§ **What the exercise asks**
Only the text of the records belongs in the answer; the pictures must be dropped.

§ **Supplied records**
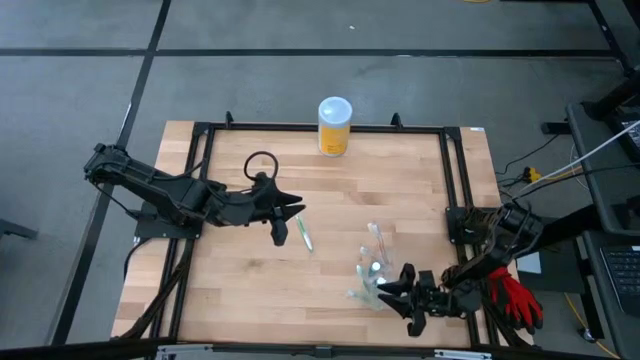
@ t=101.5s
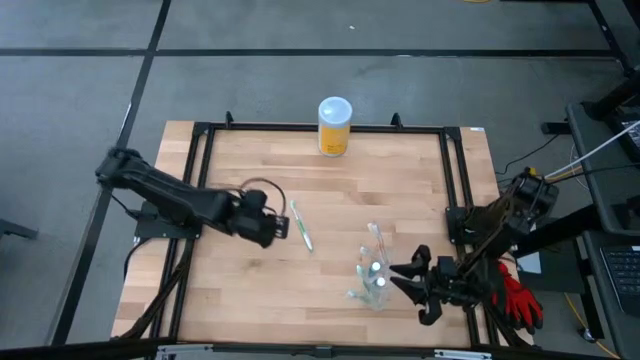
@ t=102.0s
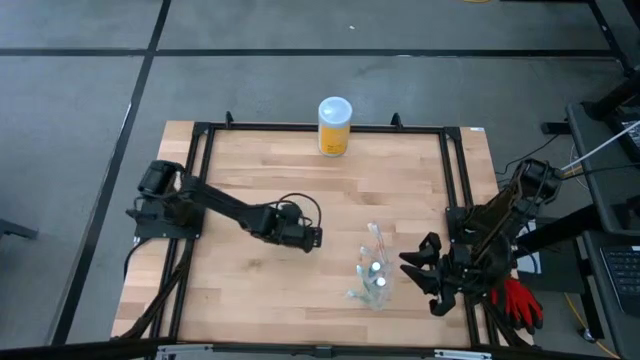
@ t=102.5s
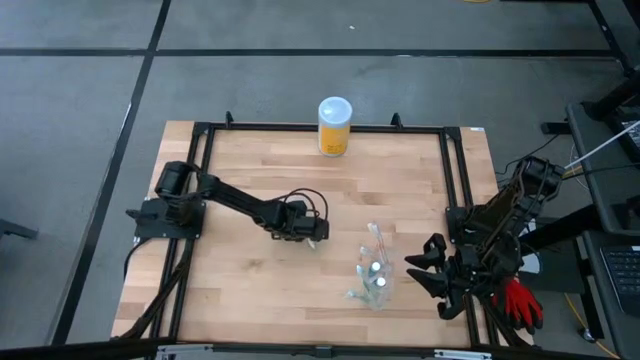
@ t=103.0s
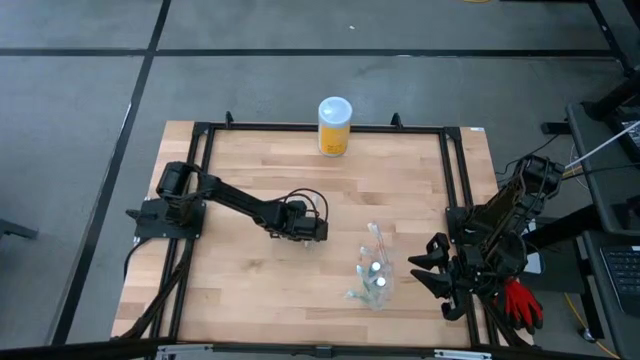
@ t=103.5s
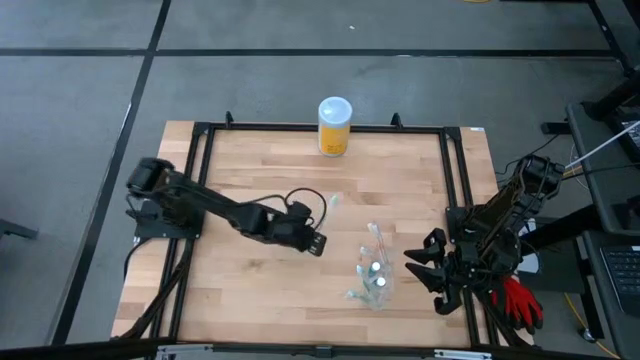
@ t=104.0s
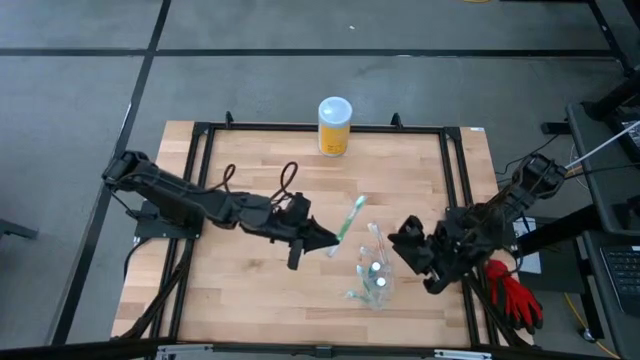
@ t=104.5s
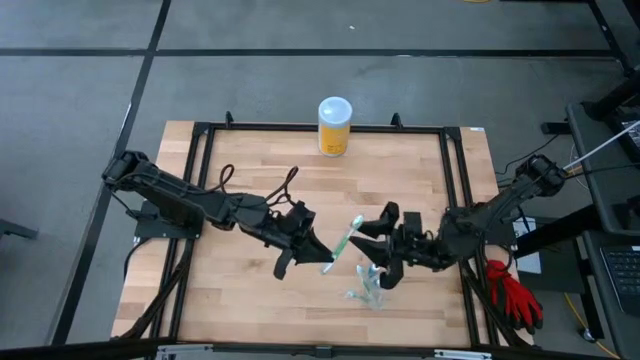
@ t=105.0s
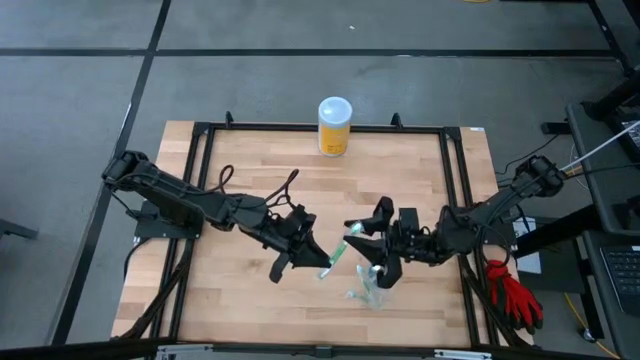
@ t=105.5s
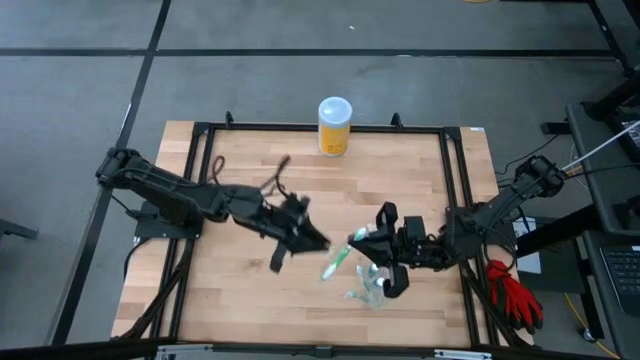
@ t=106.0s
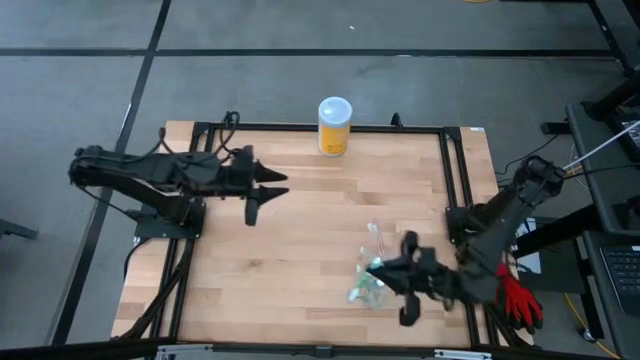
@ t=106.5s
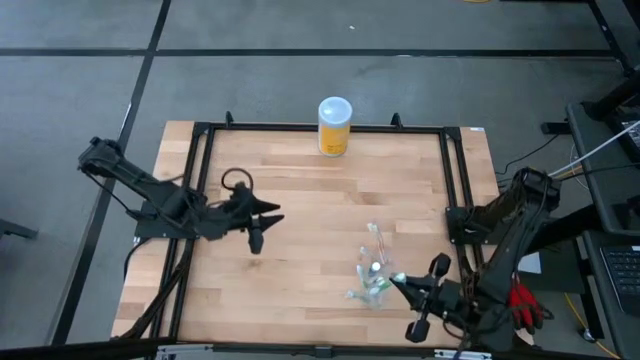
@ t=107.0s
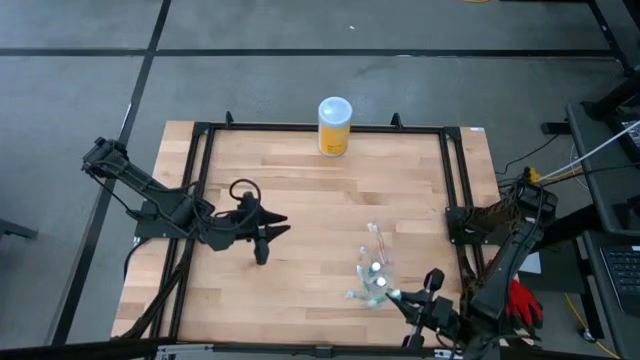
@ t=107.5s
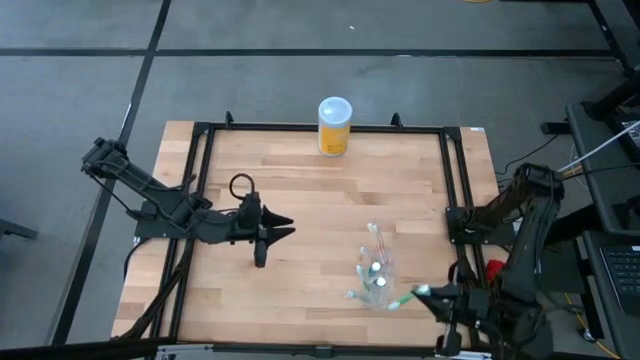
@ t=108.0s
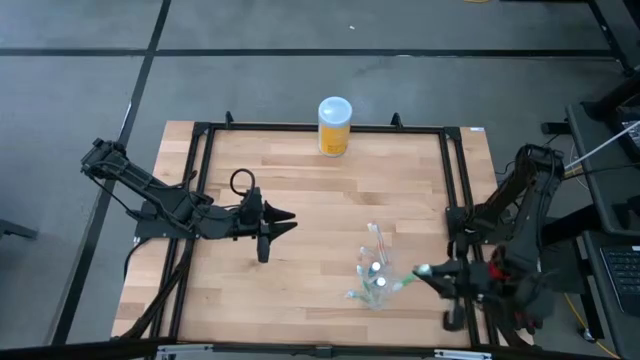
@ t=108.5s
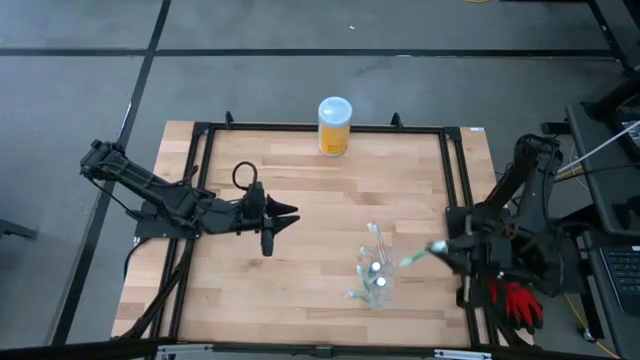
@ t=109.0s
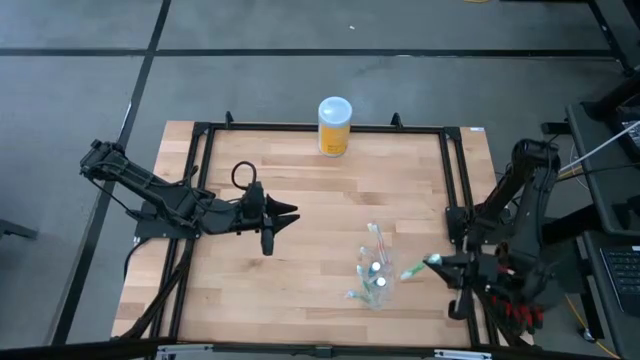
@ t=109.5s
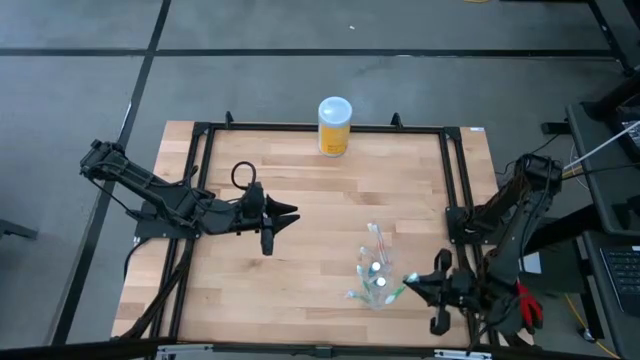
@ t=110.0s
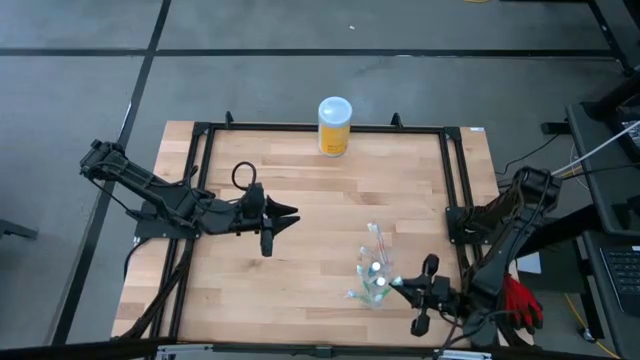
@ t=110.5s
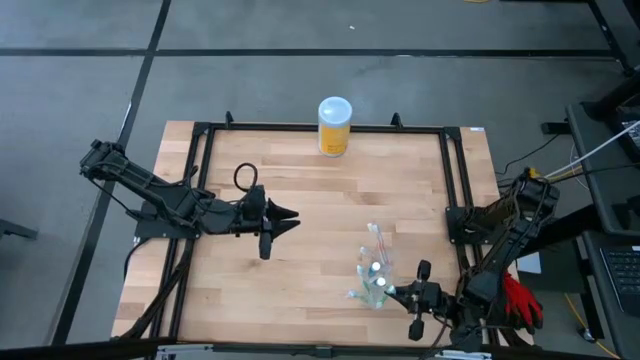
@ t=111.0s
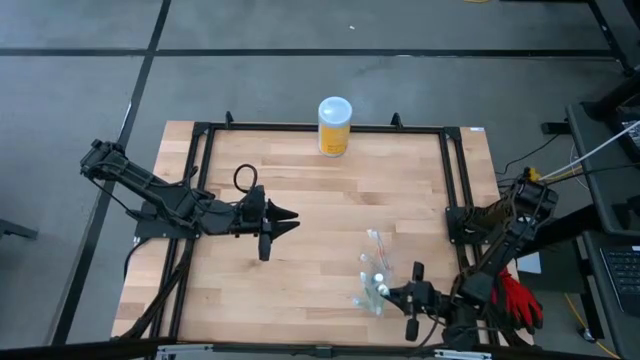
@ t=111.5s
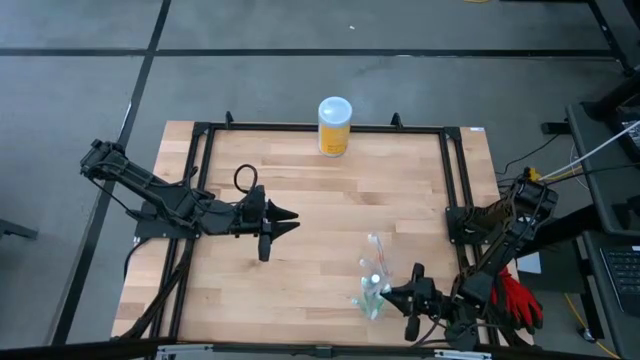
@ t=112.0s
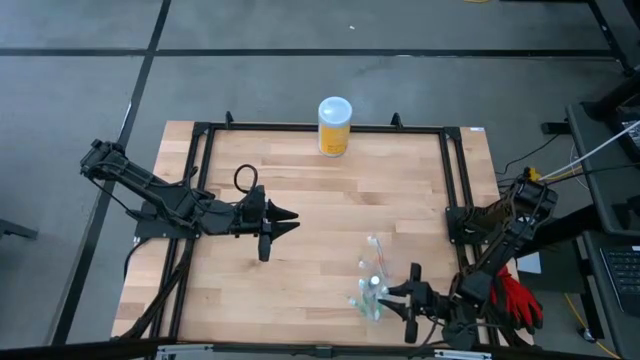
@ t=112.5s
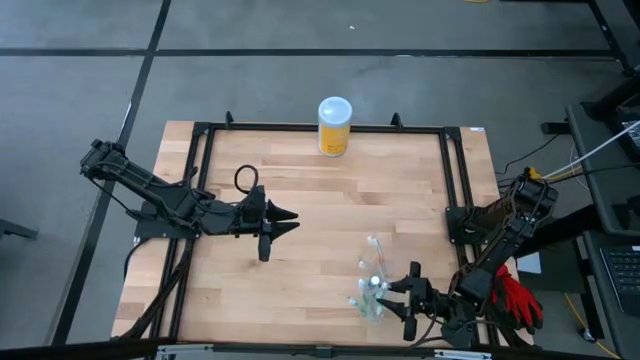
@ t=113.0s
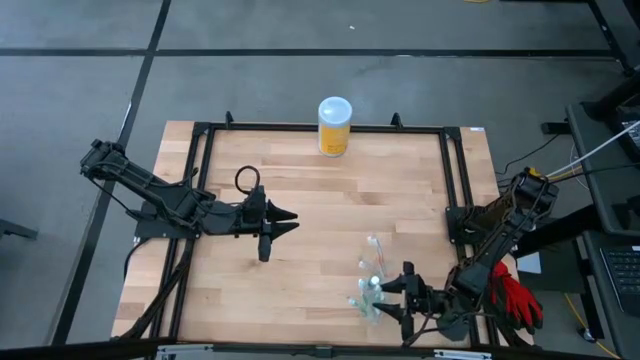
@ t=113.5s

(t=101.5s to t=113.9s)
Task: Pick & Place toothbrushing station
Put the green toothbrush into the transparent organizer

§ **Exercise output**
@ t=101.5s
@ t=102.0s
@ t=102.5s
@ t=103.0s
@ t=103.5s
@ t=104.0s
@ t=104.5s
@ t=105.0s
@ t=105.5s
@ t=106.0s
@ t=106.5s
@ t=107.0s
@ t=107.5s
@ t=108.0s
@ t=108.5s
@ t=109.0s
@ t=109.5s
@ t=110.0s
@ t=110.5s
@ t=111.0s
@ t=111.5s
@ t=112.0s
@ t=112.5s
@ t=113.0s
@ t=113.5s

(t=101.5s to t=113.9s)
Task: Pick & Place toothbrushing station
Put the green toothbrush into the transparent organizer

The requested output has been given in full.